Support Questions
Find answers, ask questions, and share your expertise

Use a defined class as State in a Spark Streaming application

Use a defined class as State in a Spark Streaming application

I need to use a defined class as State in a spark streaming application. I know it is possible, but when an event with new key appears in the mapWithState function i can't create a new object of the class as it makes the function not-serializable. Example below. I'm using Spark 1.6 for this.

This works, but rises a java.util.NoSuchElementException when an event with new key apperars:

val mappingFunc = (phone: String, value: Option[Cdr], state: State[User]) => {
  val cdr = value.getOrElse(null)
  val user = state.get()
  user.update(cdr)
  state.update(user)
  user
}

When I try to create a new user, it gives me a org.apache.spark.SparkException: Task not serializable

val mappingFunc = (phone: String, value: Option[Cdr], state: State[User]) => {
  val cdr = value.getOrElse(null)
  val user = state.getOption().getOrElse(new User(cdr))
  user.update(cdr)
  state.update(user)
  user
}

How can I create a new user if it makes the class not serializable?

2 REPLIES 2

Re: Use a defined class as State in a Spark Streaming application

Explorer

Is your `User` class serializable? I cannot tell the exact reason why Task is not serializable based on the information you provided. Can you also provides more information, like the implementation of `User` if possible?

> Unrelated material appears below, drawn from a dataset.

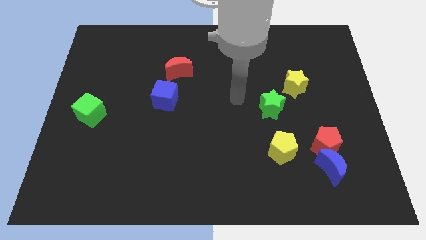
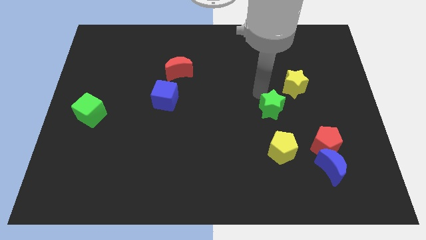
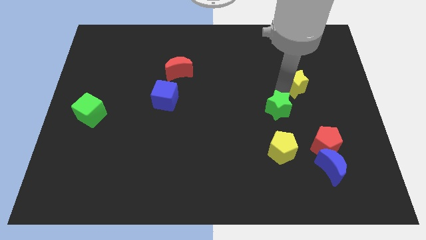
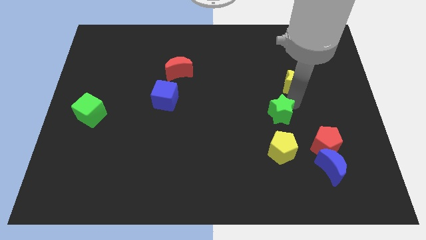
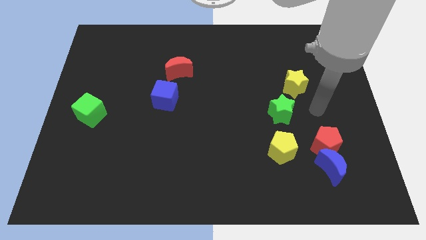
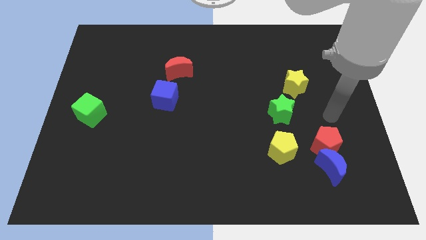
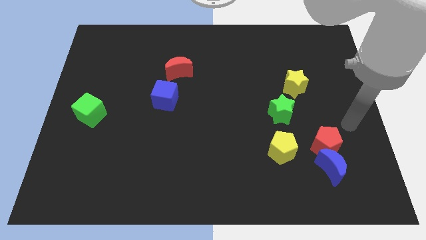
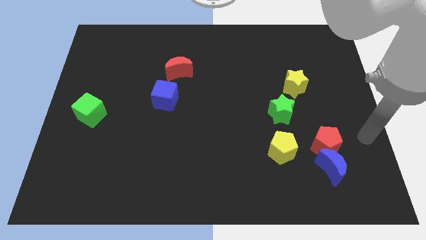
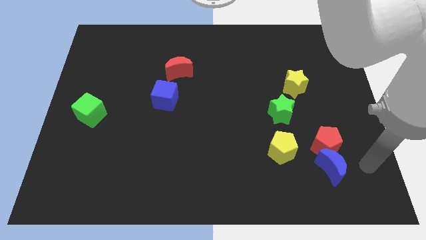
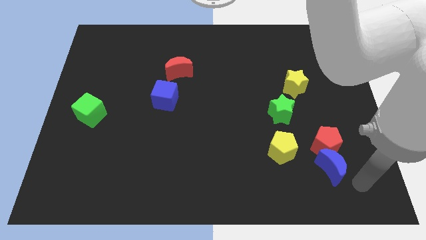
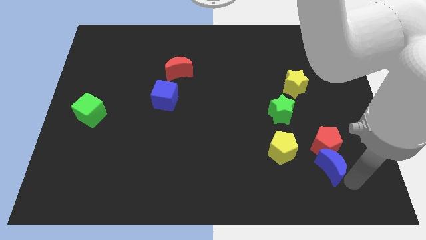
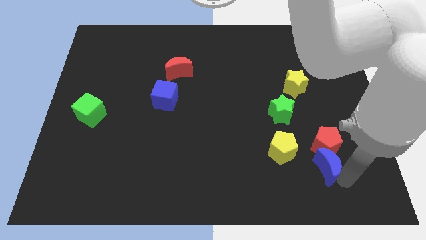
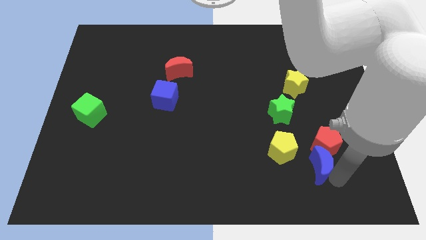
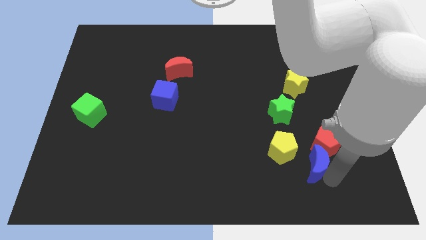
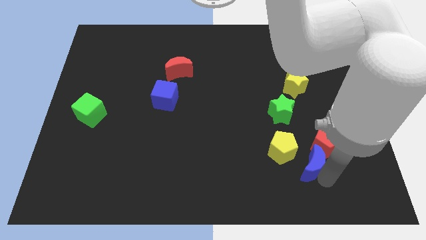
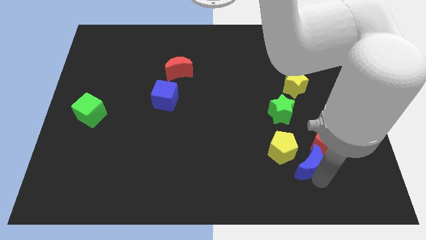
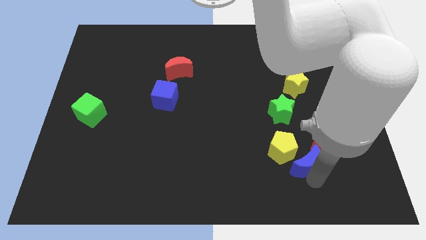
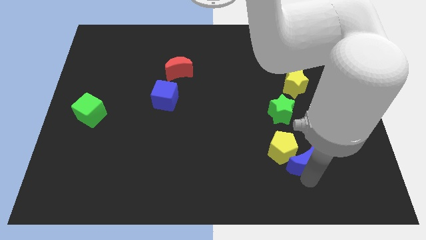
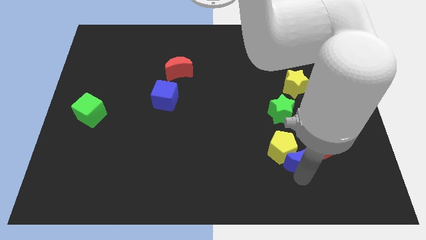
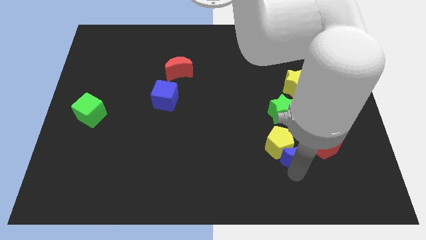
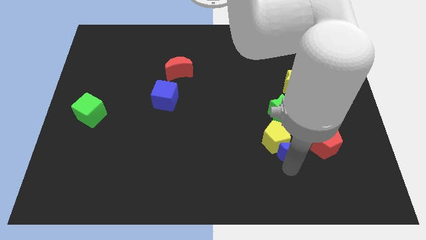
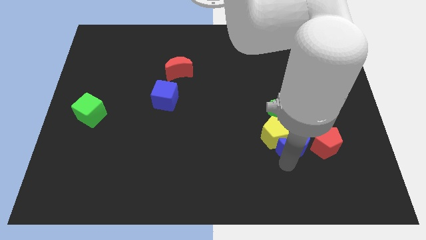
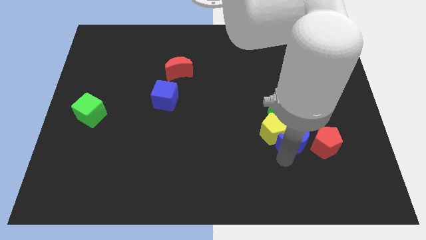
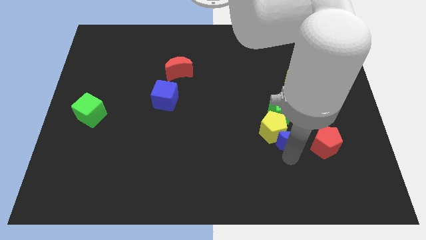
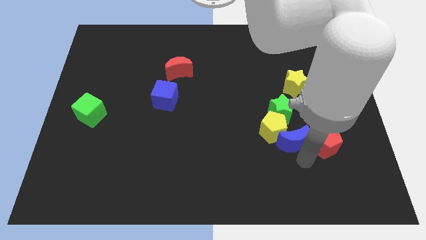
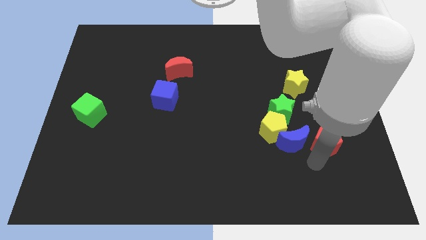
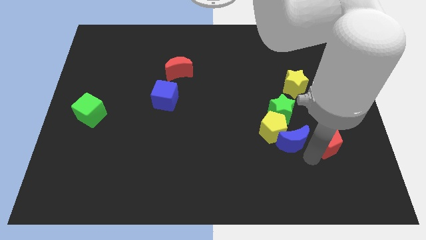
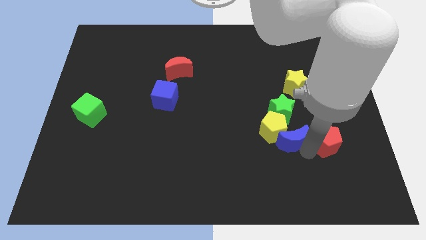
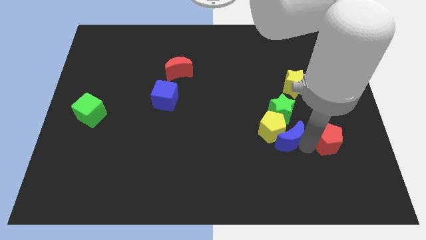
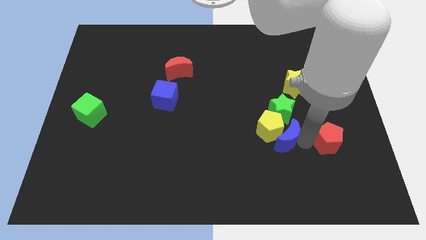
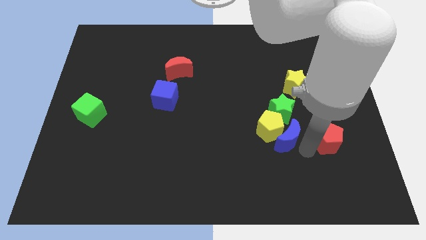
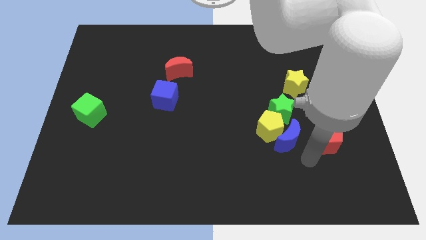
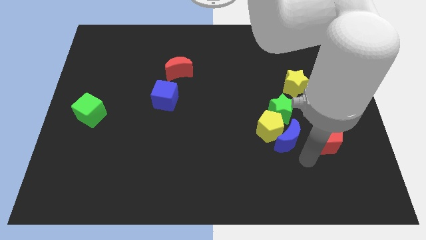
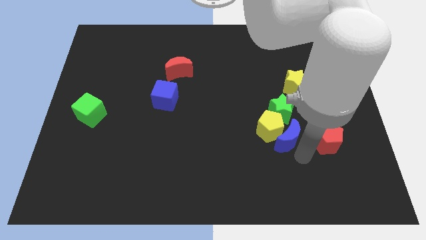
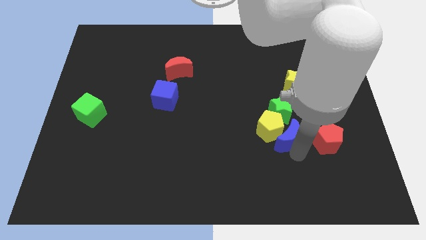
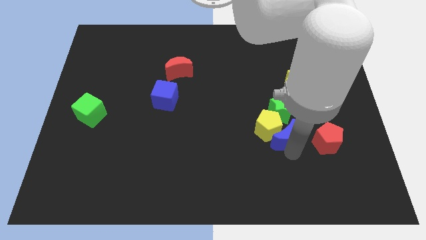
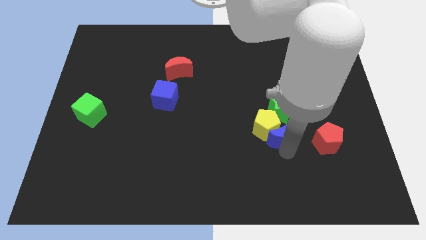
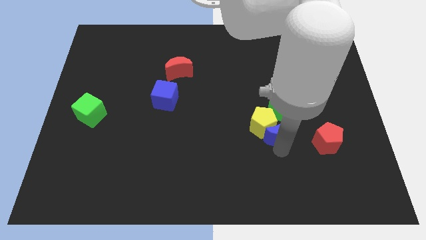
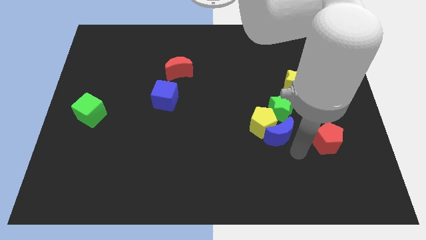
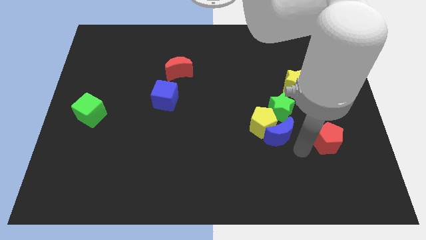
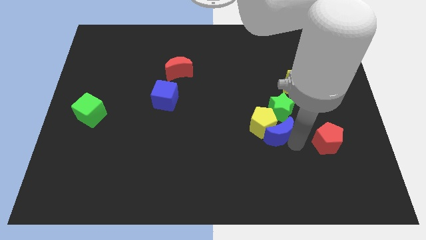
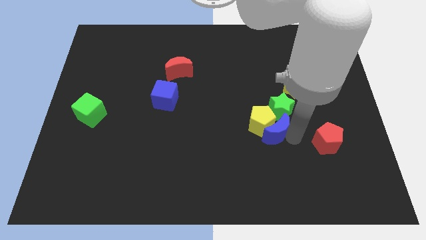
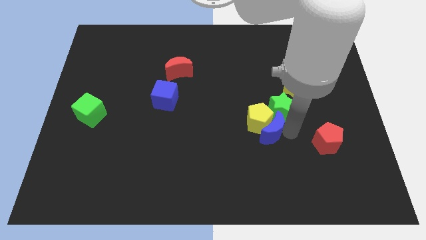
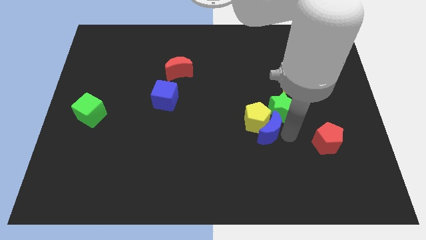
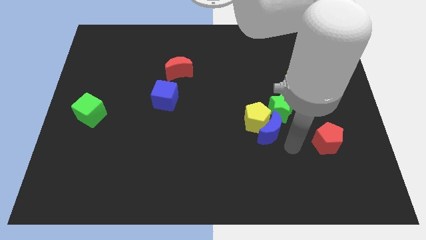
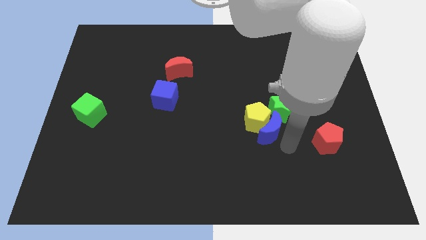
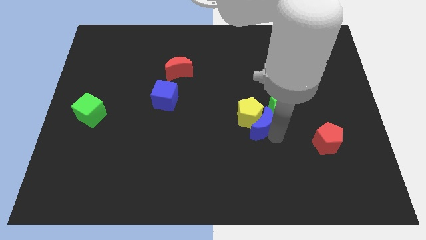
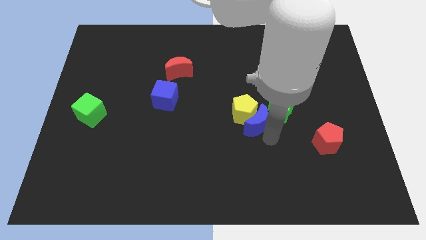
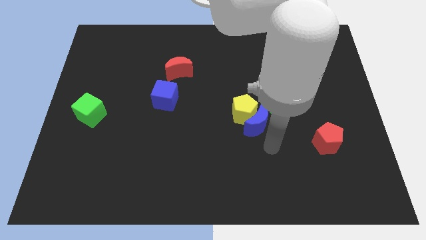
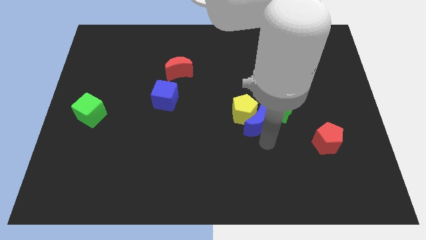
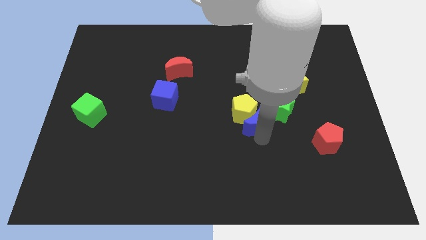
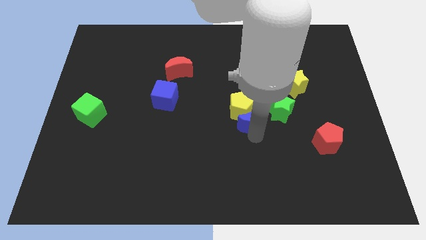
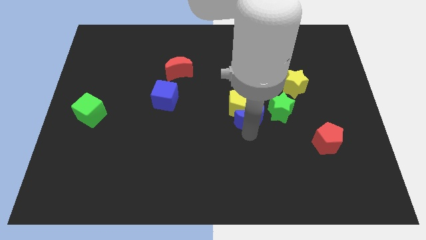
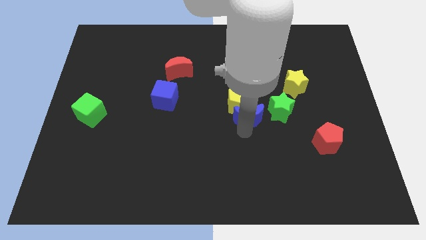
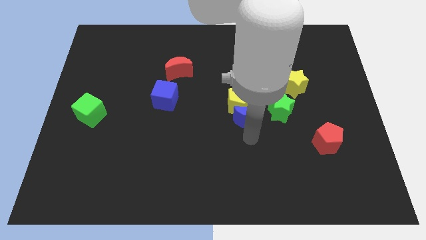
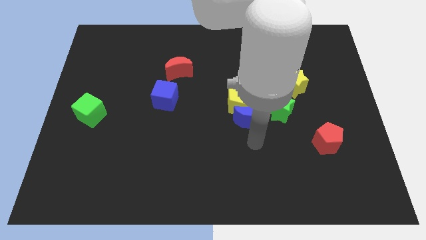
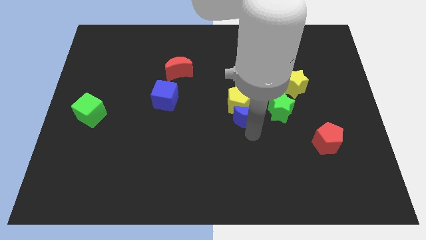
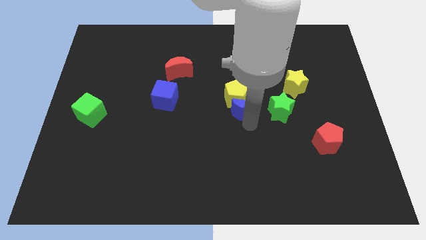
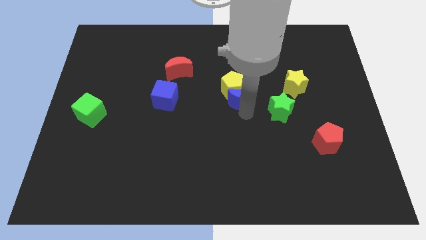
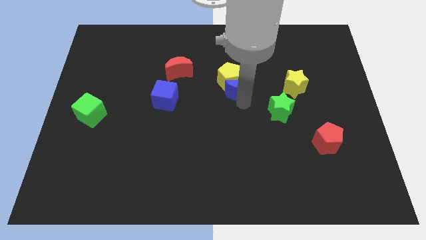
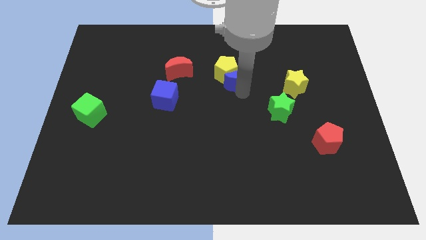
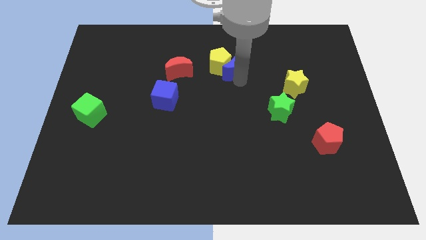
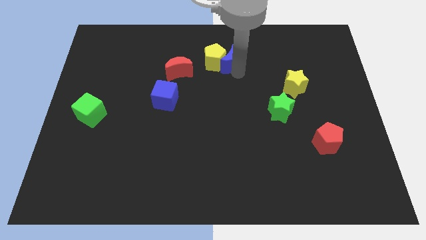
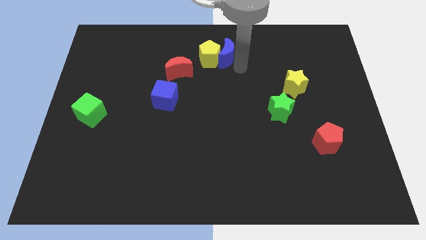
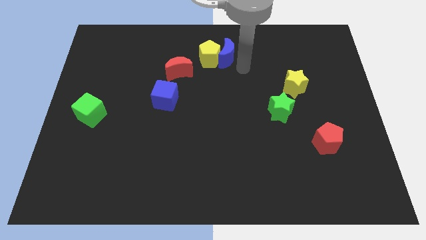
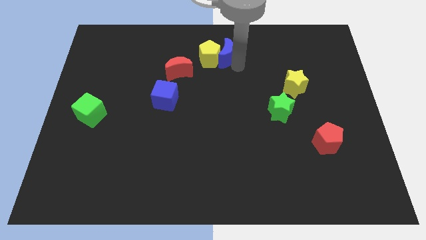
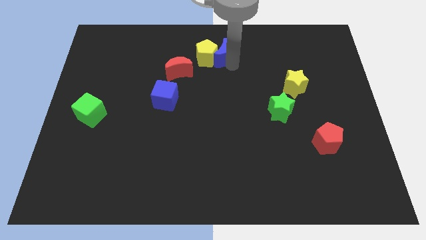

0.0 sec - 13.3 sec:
put the blue moon to the top side

Re: Use a defined class as State in a Spark Streaming application

Yes, User is serializable (or I thin it is). Here is the implementation of the class:

class User(cdr: Cdr) extends Serializable {
  var phone: String = cdr.phone
  var calls: Int = 0
  def update(cdr: Cdr) {
    calls += 1
  }
}

I also copy the line where the exeption rises:

var statespec = StateSpec.function(mappingFunc)
// statespec is used later in cdrs.mapWithState(statespec)